Unfortunately, the NHS lacks Lyme disease specialists. One of the things we as a charity are hoping to see in the future is a “Centre of Excellence” for Lyme disease, where doctors from various disciplines see higher number of Lyme disease patients and start building up clinical experience.

On the NHS, Lyme patients in the UK are generally seen by their GP, and possibly referred to consultants in various disciplines (infectious diseases, rheumatologists, neurologists etc)., depending on their overriding symptoms. If your GP needs help finding someone, he or she may wish to phone the National Reference Laboratory (the Rare and Imported Pathogens Lab) as their experts are well networked and may be the best positioned to suggest a suitable consultant.

Caudwell LymeCo is not able to recommend individual doctors who treat Lyme disease privately, nor doctors who use treatments outside those recommended by the NHS. This is because there is no way we can predict what the outcome will be for any patient. There is currently a completely unsatisfactory situation whereby we know that the so-called “standard” treatments fail to cure lots of patients, but we do not know what actually will cure them. Without this proof we would not be in a position to recommend any private specific clinic, doctor or treatment.
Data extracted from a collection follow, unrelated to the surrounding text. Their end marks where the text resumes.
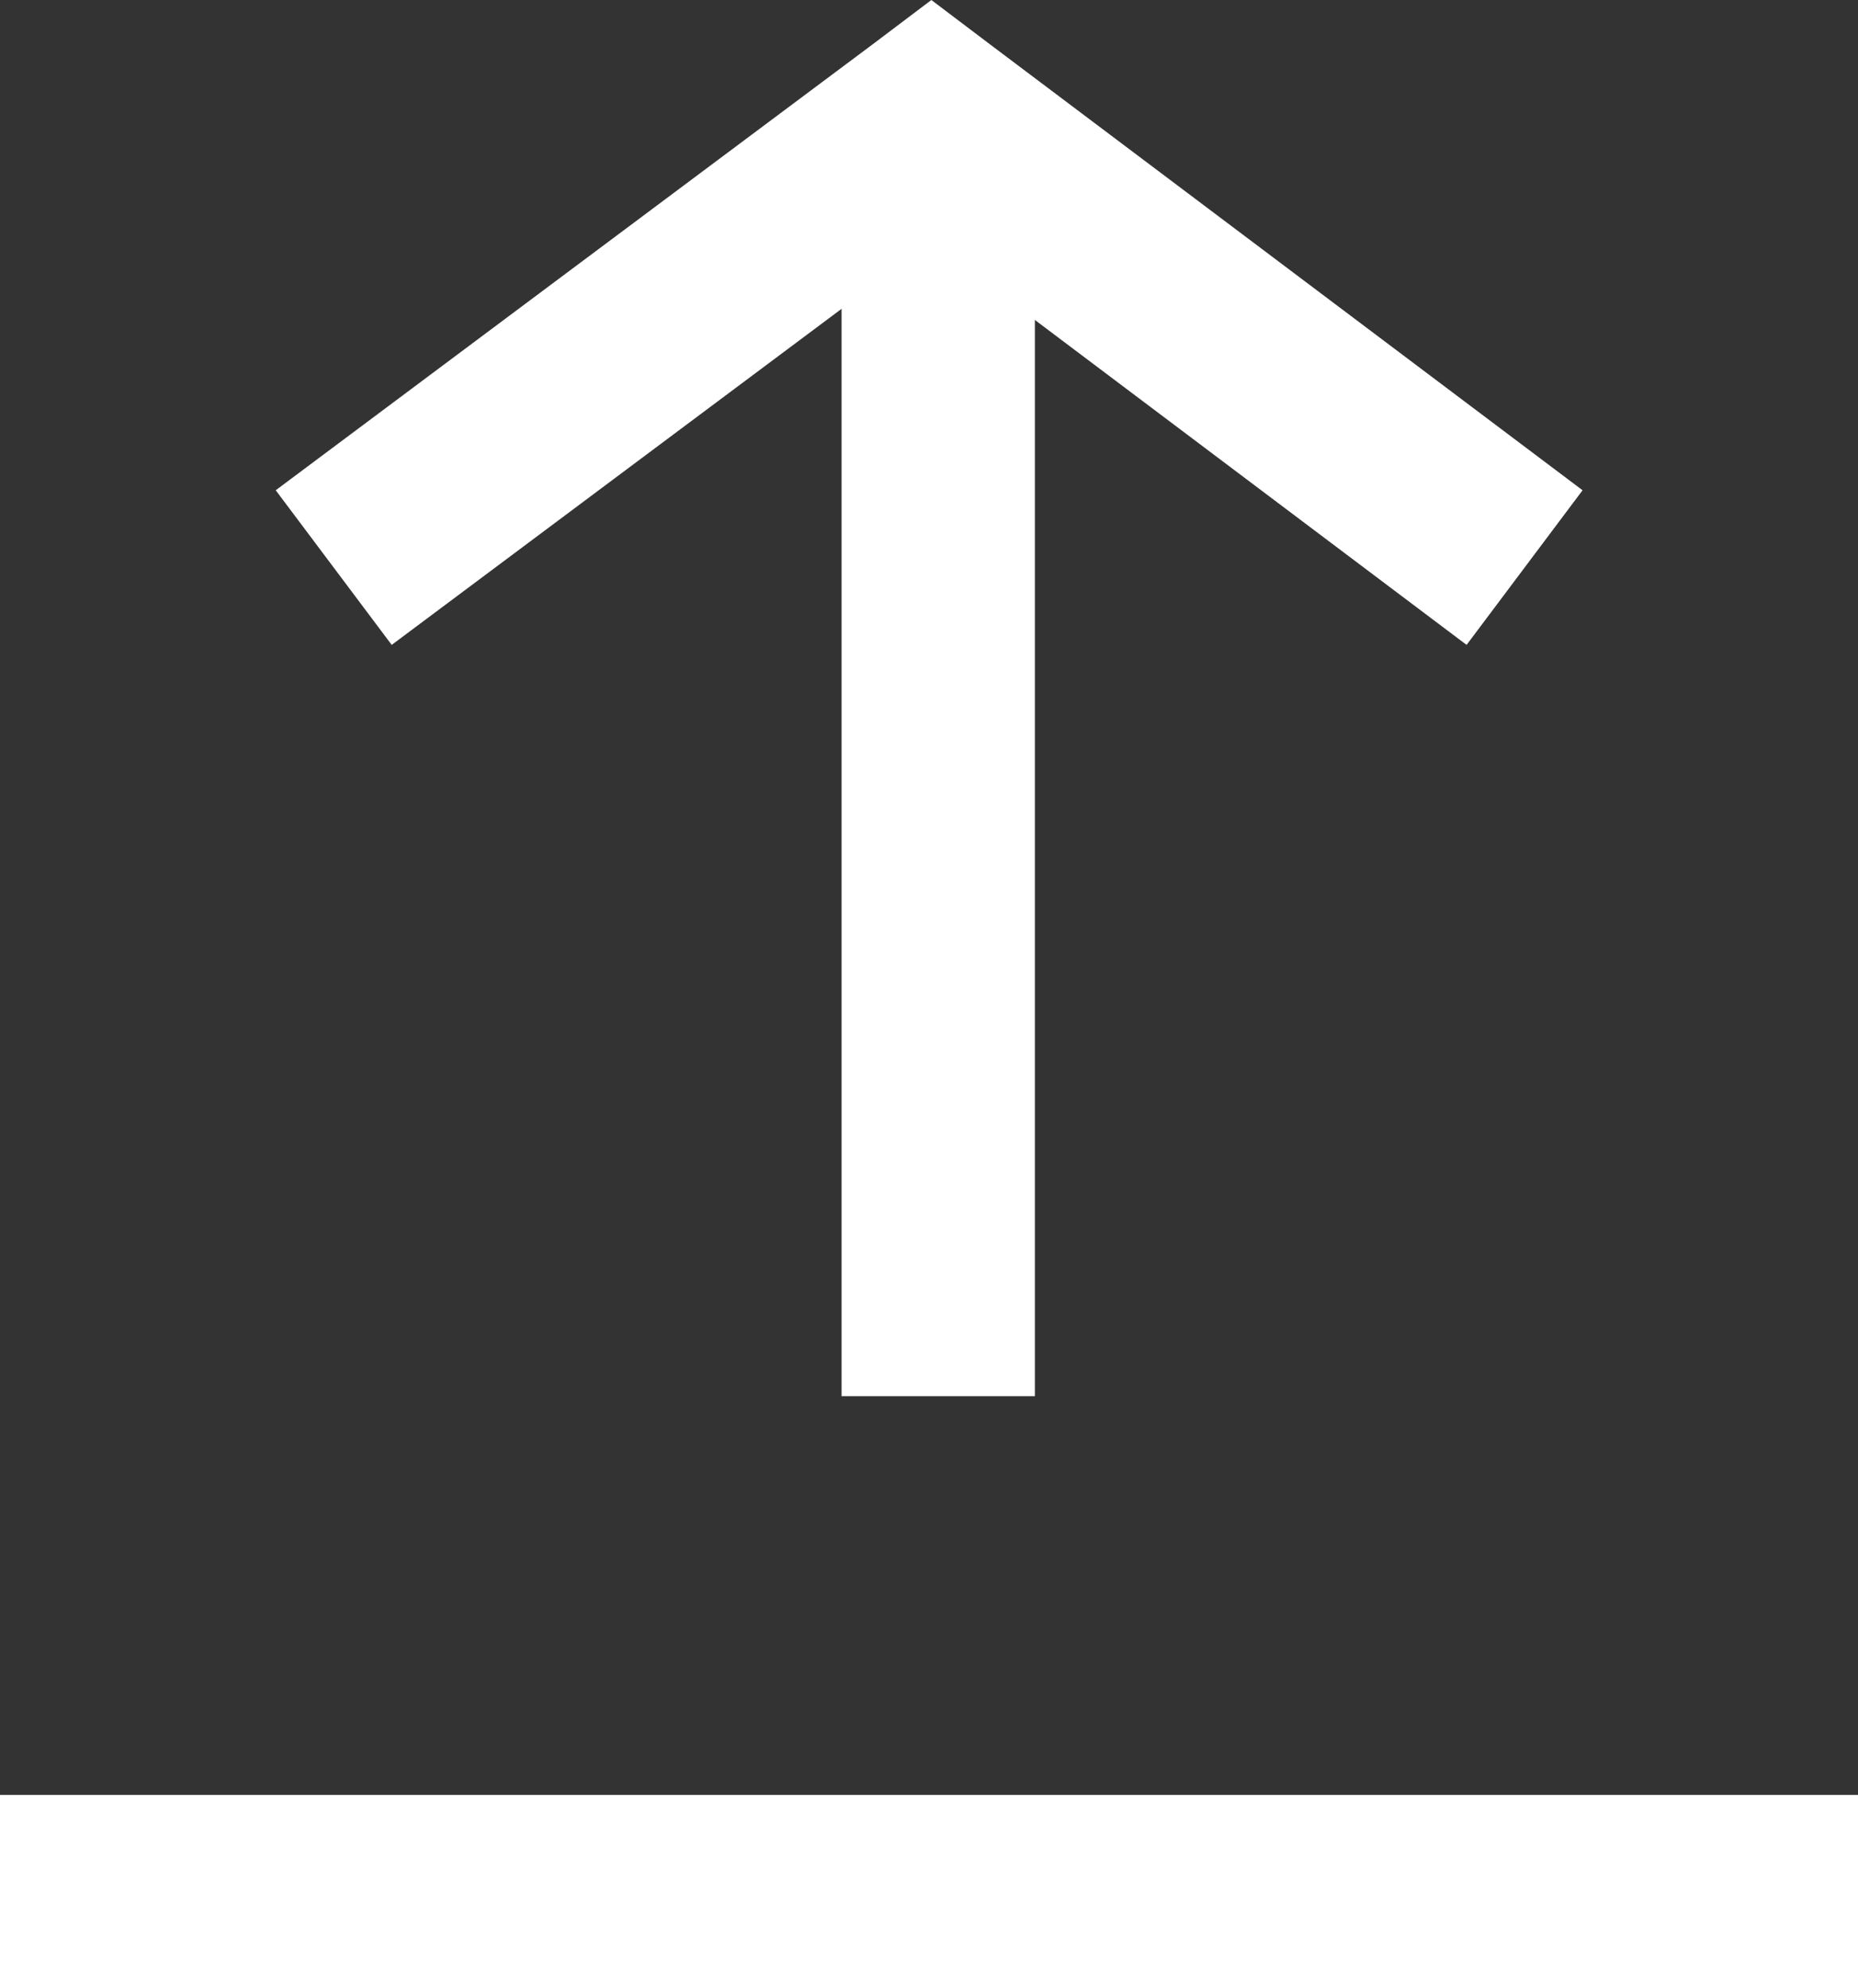 <svg xmlns="http://www.w3.org/2000/svg" width="19.225" height="20.573" viewBox="0 0 19.225 20.573">
  <rect x="0" y="0" width="19.225" height="20.573" fill="#333333" stroke="none"/>
  <g id="Gruppe_124" data-name="Gruppe 124" transform="translate(-920.387 -2106.587)">
    <g id="Gruppe_123" data-name="Gruppe 123" transform="translate(936.16 2121.034) rotate(180)">
      <g id="Gruppe_131" data-name="Gruppe 131">
        <path id="Pfad_60" data-name="Pfad 60" d="M1,13.194H-1V0H1Z" transform="translate(6.065)" fill="#fff"/>
        <path id="Pfad_1" data-name="Pfad 1" d="M.8,12.922l-1.6-1.2L3.37,6.182-.8.6.8-.6,5.42,5.584l.453.6-.454.6Z" transform="translate(12.32 8.574) rotate(90)" fill="#fff"/>
      </g>
    </g>
    <path id="Linie_37" data-name="Linie 37" d="M19.225,1H0V-1H19.225Z" transform="translate(920.387 2126.16)" fill="#fff"/>
  </g>
</svg>

Alternative and experimental treatments

Long-term antibiotic therapy

Some doctors who treat long-term Lyme disease patients privately – most of whom work outside the UK – prescribe long term antibiotics for patients whose symptoms have not cleared up after standard courses of antibiotics. They may prescribe other drugs as well, intravenous antibiotics or combined antibiotic therapies. Treatments may last months.

These treatments are experimental, as there is a lack of published research demonstrating that such approaches are effective. There is also, however, a lack of evidence that they are not effective. This is a controversial area, amongst patients as well as doctors. More research is desperately needed.

Antimicrobial herbal therapy

Some patients, with persistent symptoms after standard treatment with antibiotics, take herbal remedies.

Commonly used antibacterial protocols for Lyme disease include:

  • Cowden Protocol, claimed to be based on herbs from the rainforst used by native Americans to treat Lyme disease for generations
  • Buhner Protocol, developed by a herbalist who has experimented with his own protocol for Lyme and co-infections
  • Lyme Plus Protocol, developed in Europe by a clinic and university researchers, claimed to target European strains of Lyme and several co-infections.

Nutritional supplements

Some patients with persistent Lyme disease symptoms take nutritional supplements. These are intended to support their immune systems and ease various symptoms but not to cure the infection. Some nutrients commonly taken include magnesium, vitamin C, vitamin B12 and all the B vitamins.